LONDON, Dec 10: The British trade deficit soared to a record high in October as a consumer spending spree sucked in foreign imports and exporters struggled against a weak global economy and strong pound, official figures showed on Tuesday.
Britain chalked up a deficit of 3.56 billion pounds ($5.6bn) in October from a revised shortfall of 2.74 billion pounds the previous month — the highest shortfall since records began, the National Statistics office said.
A breakdown of the figures showed exports of goods fell 4.0 per cent to 14.9 billion pounds as Britain’s main trading partners grew sluggishly, while imports jumped 1.5 per cent to 18.4 billion.
Economists said the figures were worrying, and blamed the government’s lax fiscal policy for stoking up an unsustainable consumer boom.
“The figures highlight the fact that consumers are very over-leveraged,” said Commerzbank economist Nick Parsons.
“In effect people are taking out equity release loans on their properties to finance purchases of DVD players. That’s not really a sustainable position in the long-term,” he said.

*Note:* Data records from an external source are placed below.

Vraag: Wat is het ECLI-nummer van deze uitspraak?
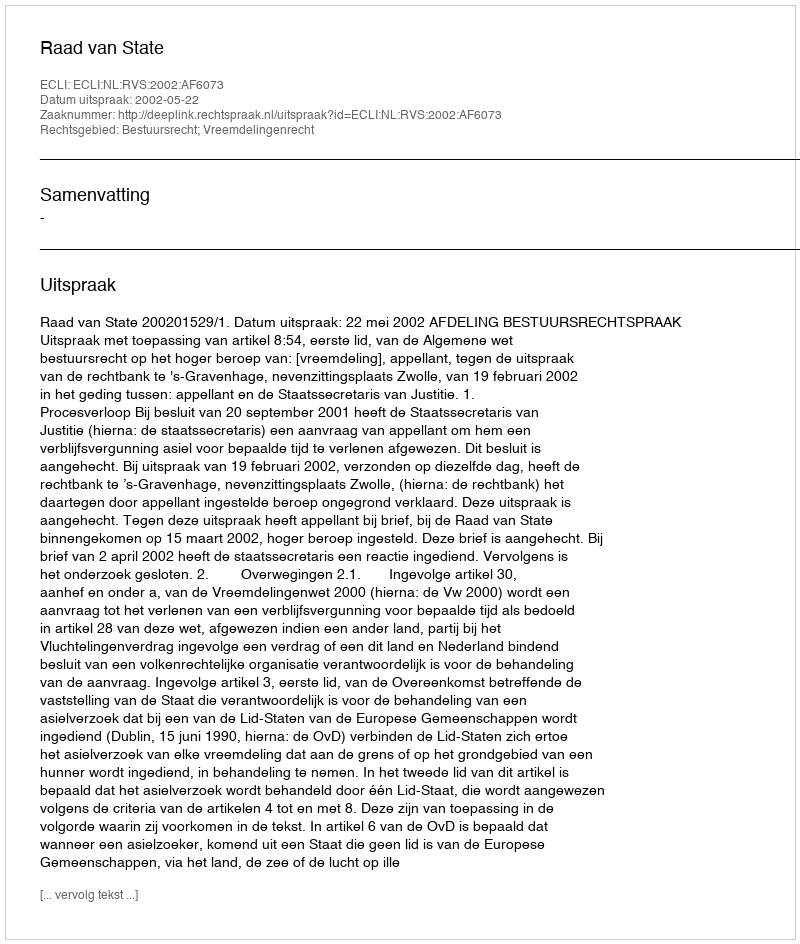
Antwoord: ECLI:NL:RVS:2002:AF6073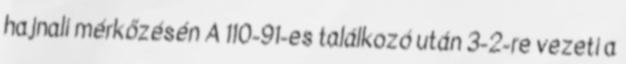
hajnali mérkőzésén A 110-91-es találkozó után 3-2-re vezeti a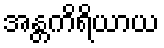
အန္တကိရိယာယ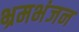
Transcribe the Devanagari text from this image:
भ्रमभंजन
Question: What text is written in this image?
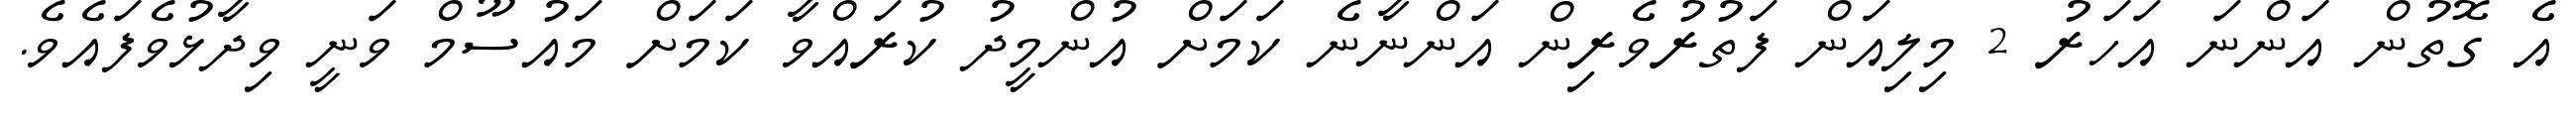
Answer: އެ ގޮތުން އަންނަ އަހަރު 2 މިލިއަން ފަތުރުވެރިން އަންނާނެ ކަމަށް އުންމީދު ކުރައްވާ ކަމަށް މައުސޫމް ވަނީ ވިދާޅުވެފައެވެ.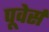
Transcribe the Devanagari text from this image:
पूवेर्स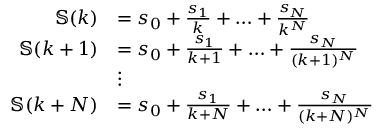
\begin{array} { r l } { \mathbb { S } ( k ) } & { = s _ { 0 } + \frac { s _ { 1 } } { k } + \hdots + \frac { s _ { N } } { k ^ { N } } } \\ { \mathbb { S } ( k + 1 ) } & { = s _ { 0 } + \frac { s _ { 1 } } { k + 1 } + \hdots + \frac { s _ { N } } { ( k + 1 ) ^ { N } } } \\ & { \vdots } \\ { \mathbb { S } ( k + N ) } & { = s _ { 0 } + \frac { s _ { 1 } } { k + N } + \hdots + \frac { s _ { N } } { ( k + N ) ^ { N } } } \end{array}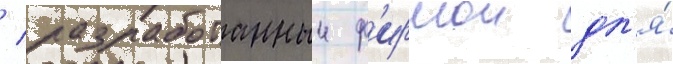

With the annual rate of British house price inflation running at around 25 per cent, there has been a boom in the number of Britons taking out loans, secured on their properties, to pay for goods such as new cars and electronic devices.
Investec economist Philip Shaw said the trade figures “make fairly grim reading.”
Shaw said the latest numbers back up other recent evidence of the severe difficulties facing the country’s long-suffering exporters of manufactured products and other goods.
The British economy has weathered the global downturn better than many of its trading partners, but economists warned that imbalances within the economy could stymie a recovery.
“If the housing bubble bursts while the manufacturing sector is still pretty much in recession as well then we’ll see the UK economy slow down quite dramatically,” said BNP Paribas economist Iain Stannard.
But while many exporters have been calling on the Bank of England to lower interest rates, many economists believe that would only worsen the country’s problems since it would add fuel to the consumer boom.
Parsons said while Britain has in recent times had little difficulty in funding its current account deficit with a capital account surplus, in an environment of falling asset prices and worries over deflation it was no longer certain it would be able to do so.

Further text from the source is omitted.